Bruce Bochy is obviously an optimistic man. He’s been watching the Giants from the San Diego dugout for the last 12 years but still opted to leave a team that had won two straight NL West titles to come to a team and organization in disarray.
The Giants have an old lineup that has staggered to two consecutive seasons well below .500 and finished a half-game out of last place in the NL West in 2006. There will have to be substantial changes in their roster if they are to get back into contention.
And not just in the playing roster. Bochy has to make one important change among the coaching staff — replacing pitching coach Dave Righetti.
For 20 years, the A’s have shown the importance of a good pitching coach. In the mid-’80s, Dave Duncan revived the careers of veteran pitchers Dennis Eckersley, Dave Stewart and Rick Honeycutt, as he did again this year with Jeff Weaver, a key part of the St. Louis Cardinals’ drive to a World Series championship. More recently, Rick Peterson developed the Big Three of Tim Hudson, Mark Mulder and Barry Zito. And Curt Young has done a nice job with young pitchers Rich Harden, Dan Haren, Joe Blanton and Huston Street.
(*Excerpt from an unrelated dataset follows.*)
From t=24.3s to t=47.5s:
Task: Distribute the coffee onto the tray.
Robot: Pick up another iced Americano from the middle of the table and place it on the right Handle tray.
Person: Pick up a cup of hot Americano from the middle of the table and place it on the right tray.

Meanwhile, the Giants have long touted their young pitching. But at this point, Matt Cain is the only one who’s prospered. There are several reasons for the failures of the young pitching, but it’s obvious that Righetti hasn’t been much help. He should be replaced.
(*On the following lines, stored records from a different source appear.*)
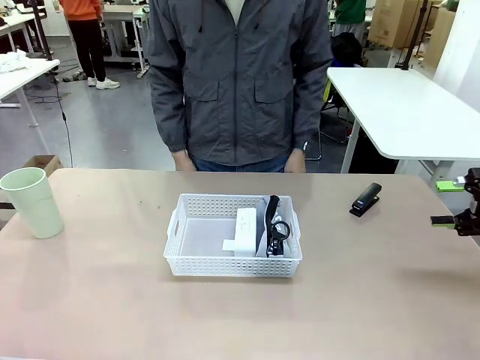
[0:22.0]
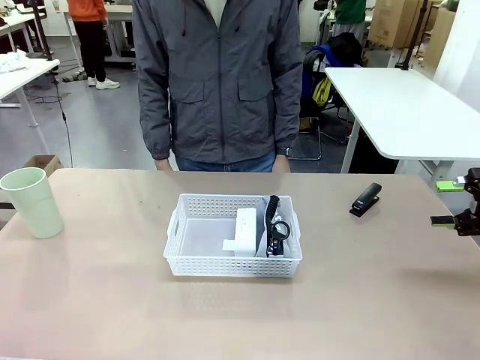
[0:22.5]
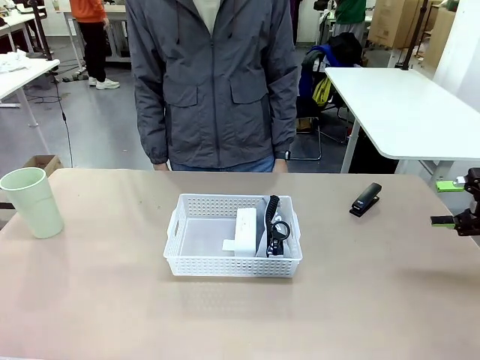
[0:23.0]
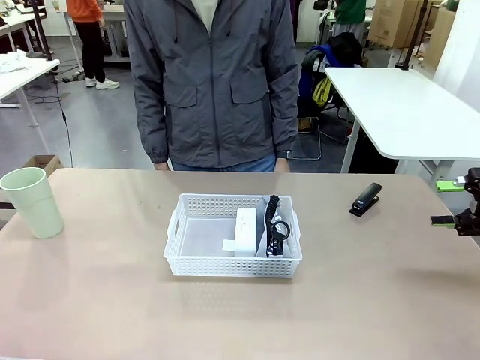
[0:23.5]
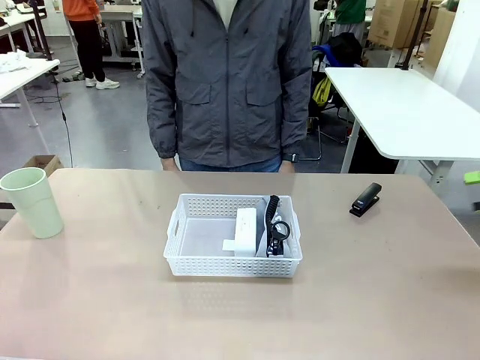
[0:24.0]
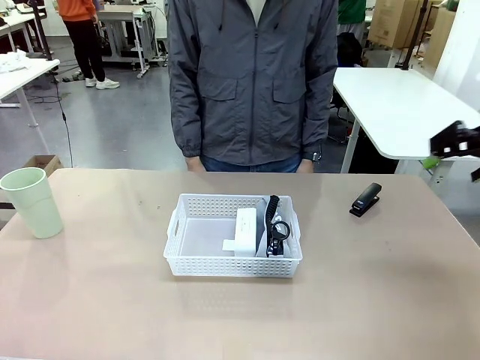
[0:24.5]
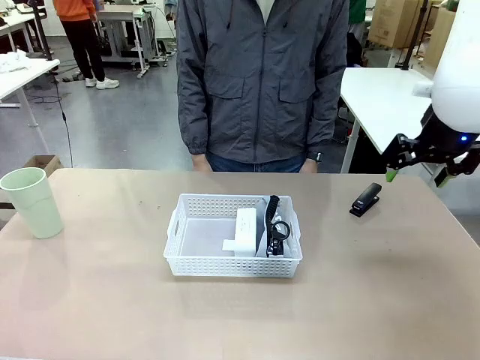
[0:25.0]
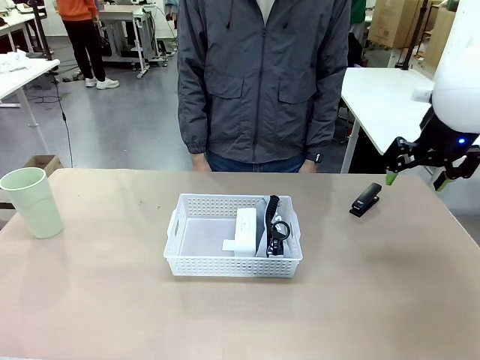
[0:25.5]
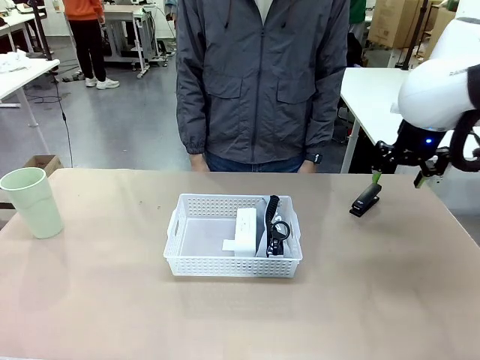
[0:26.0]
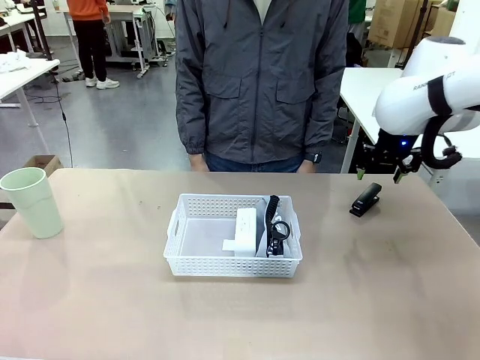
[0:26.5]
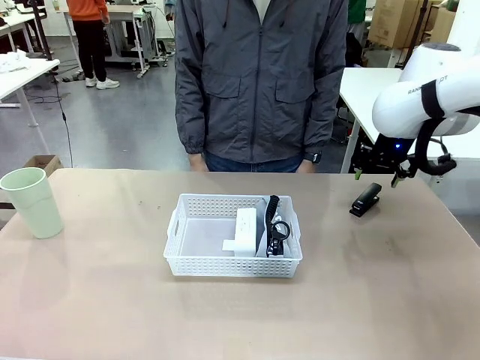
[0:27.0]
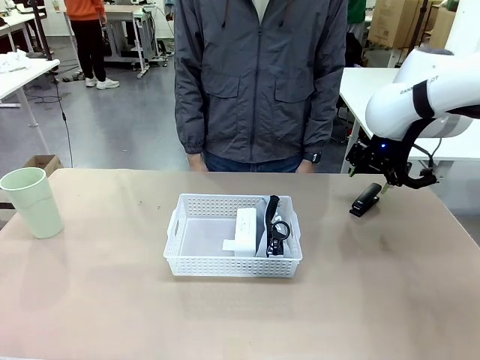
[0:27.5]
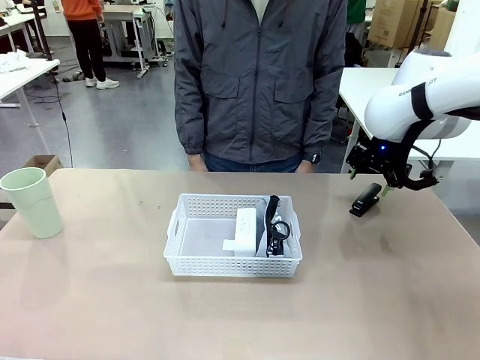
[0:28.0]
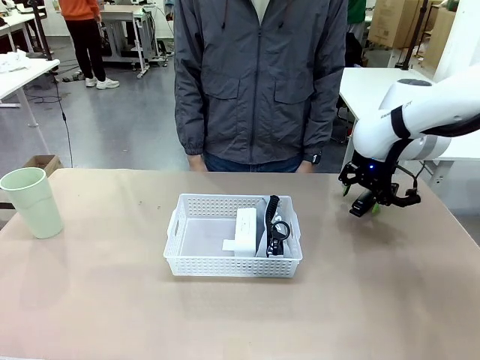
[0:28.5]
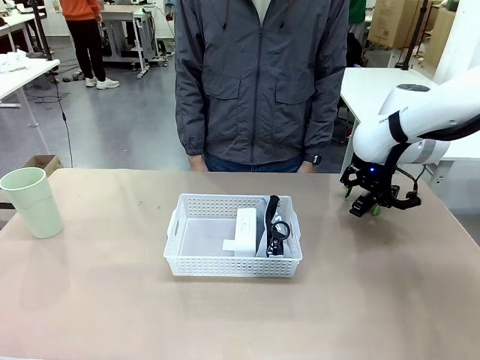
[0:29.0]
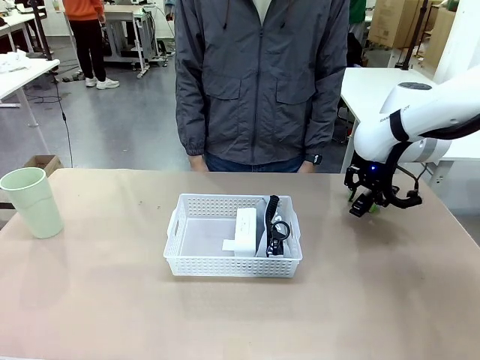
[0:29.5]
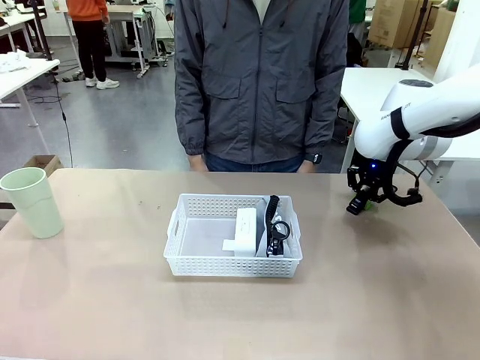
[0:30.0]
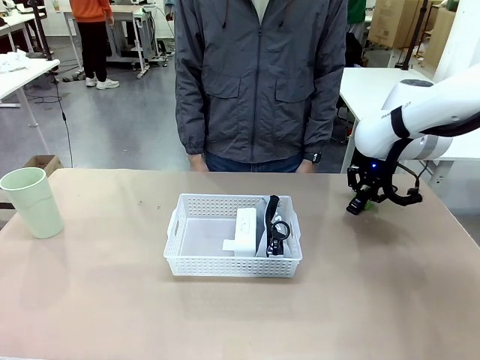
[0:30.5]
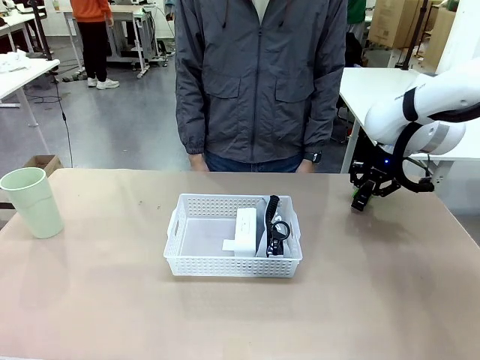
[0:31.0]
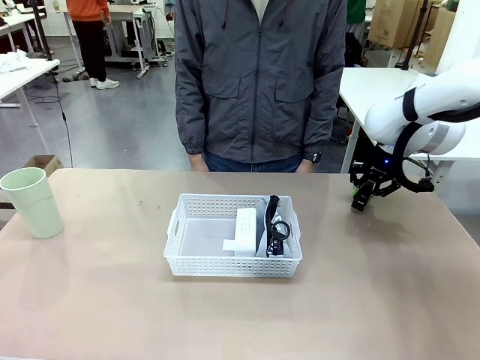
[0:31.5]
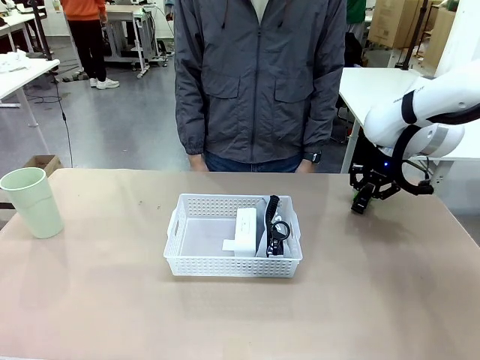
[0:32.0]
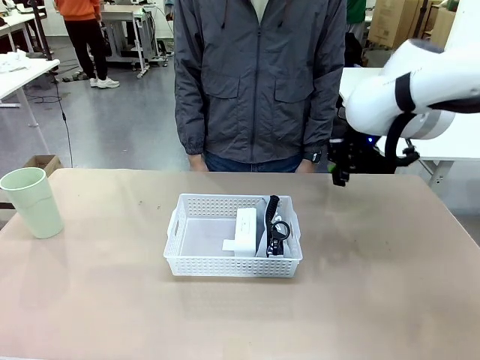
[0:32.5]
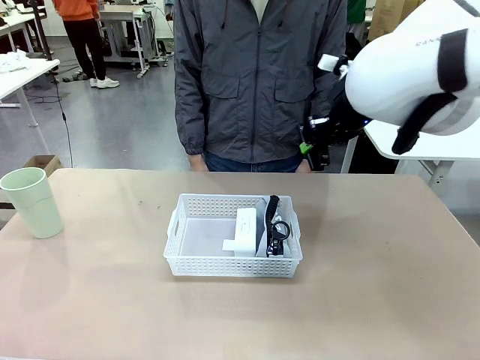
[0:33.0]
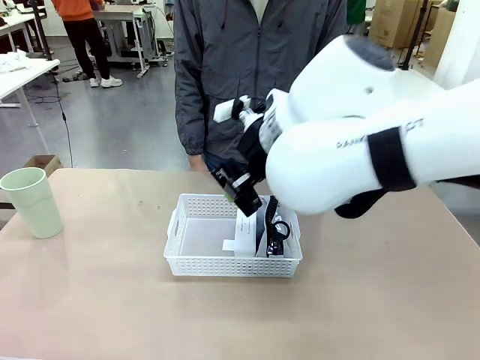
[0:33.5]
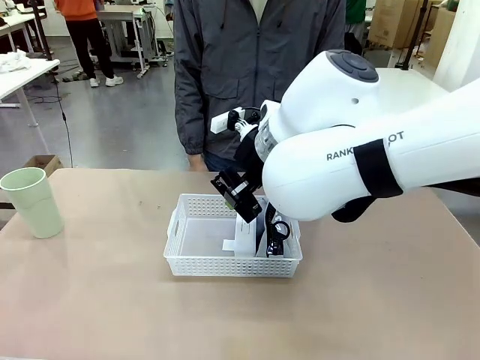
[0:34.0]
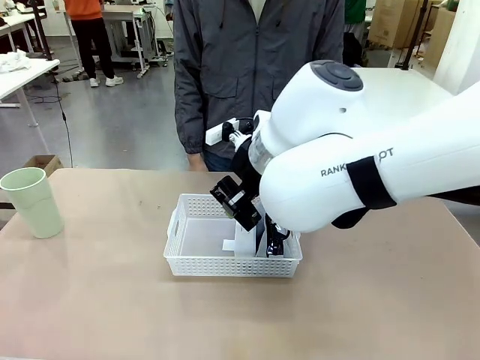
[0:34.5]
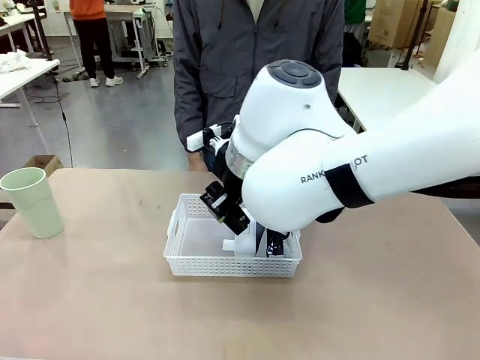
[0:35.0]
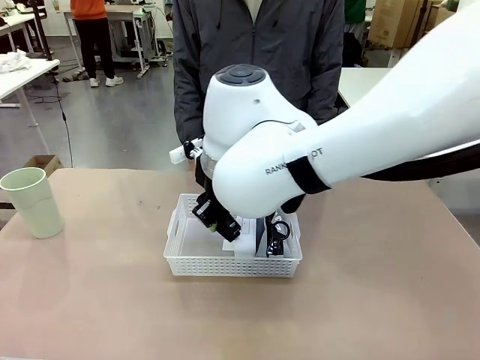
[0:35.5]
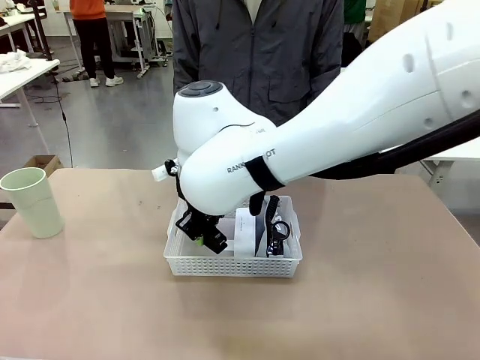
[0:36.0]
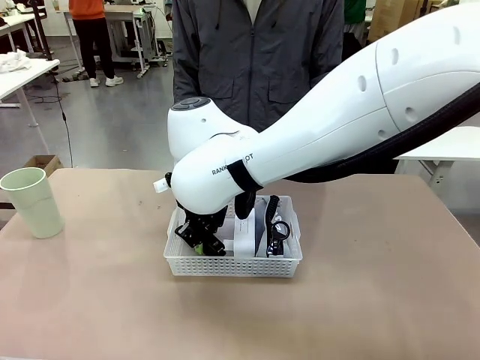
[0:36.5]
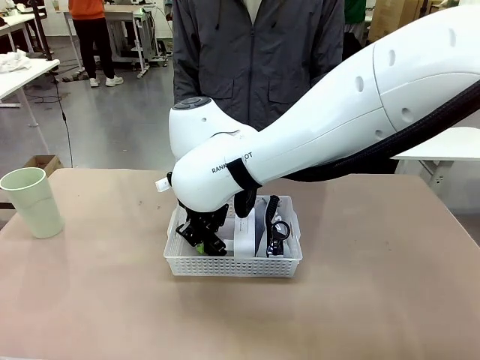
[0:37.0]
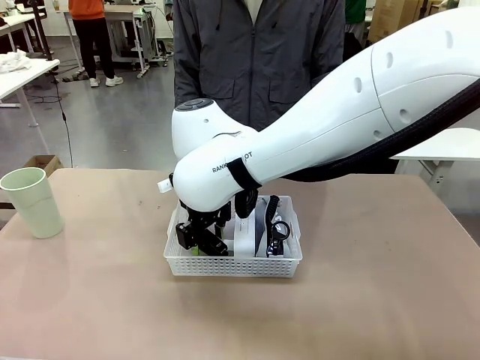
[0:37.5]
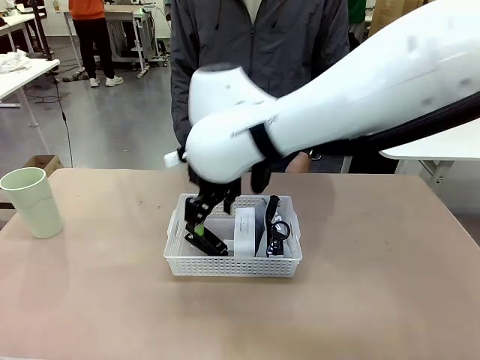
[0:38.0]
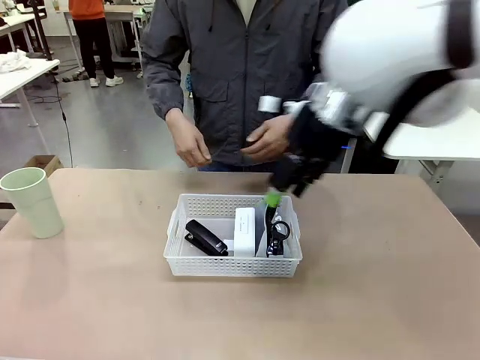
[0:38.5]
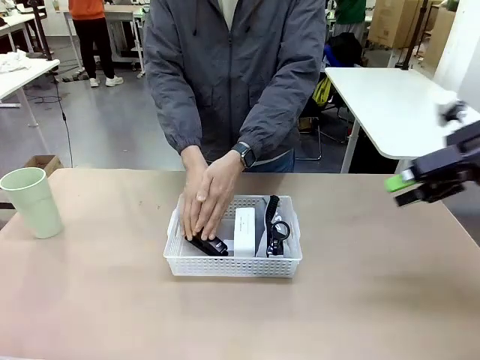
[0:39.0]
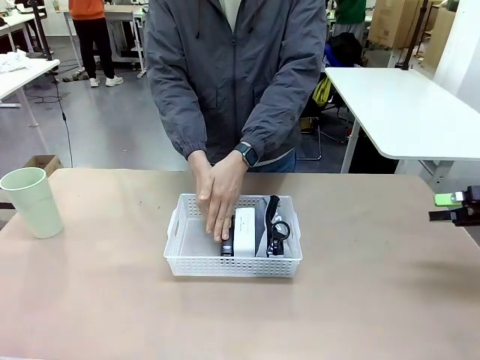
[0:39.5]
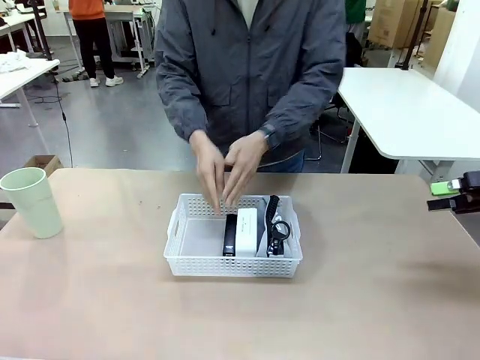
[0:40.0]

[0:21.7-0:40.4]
Task: Efficiently arrange items inside the basket to fit them all.
Robot: Pick up the Stapler and place it inside the Organizing basket.

Bochy’s hiring seemed predestined because Sabean had long been impressed with his managing style, watching him in the many encounters between the Giants and Padres. I would guess that most of the “interview” process consisted of Sabean getting Bochy’s evaluation of the current Giants roster and what needs to be done to improve it. There was an urgency to that because Bochy is now in Japan to manage the U.S. all-star team in the Japan series.
Ironically, Ken Macha was originally selected for that but had to be replaced when he was fired by the A’s.
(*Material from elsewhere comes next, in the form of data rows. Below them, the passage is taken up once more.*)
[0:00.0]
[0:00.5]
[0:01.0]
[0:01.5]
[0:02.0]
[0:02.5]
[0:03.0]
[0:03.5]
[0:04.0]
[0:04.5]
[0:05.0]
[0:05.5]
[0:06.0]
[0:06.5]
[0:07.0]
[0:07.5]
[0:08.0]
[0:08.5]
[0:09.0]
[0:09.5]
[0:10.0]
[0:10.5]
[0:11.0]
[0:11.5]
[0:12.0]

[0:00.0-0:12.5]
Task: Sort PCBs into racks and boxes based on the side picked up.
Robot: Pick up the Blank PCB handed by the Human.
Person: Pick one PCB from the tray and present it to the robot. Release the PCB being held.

The free-agent market looks thin this year. Of the 83 players who had declared for free agency as of Sunday, only Alfonso Soriano would be a significant upgrade for the Giants. Soriano had 46 homers and 41 stolen bases and he played surprisingly well defensively as a left fielder. Apparently, he still considers himself a second baseman, although nobody who has seen him play that position does. He’s the kind of offensive player the Giants could build around. But since Sabean has declared they won’t pay any “Bonds-type” salaries next year, he’s probably out of the Giants’ price range.
Of the others, Nomar Garciaparra, who hit .303 with 20 homers and 93 RBIs, would be an upgrade over Shea Hillenbrand. But Garciaparra’s injury history makes him a risk. Some observers like Texas center fielder Gary Matthews Jr., whose dad played for the Giants. Matthews hit .313 with 19 homers and 79 RBIs for the Rangers. But those figures come with an asterisk because half his games were in the very hitter-friendly Rangers park.
Bochy obviously left the Padres because he felt he would be out after next season, but as he watches the Giants season unfold in 2007, he may regret his decision.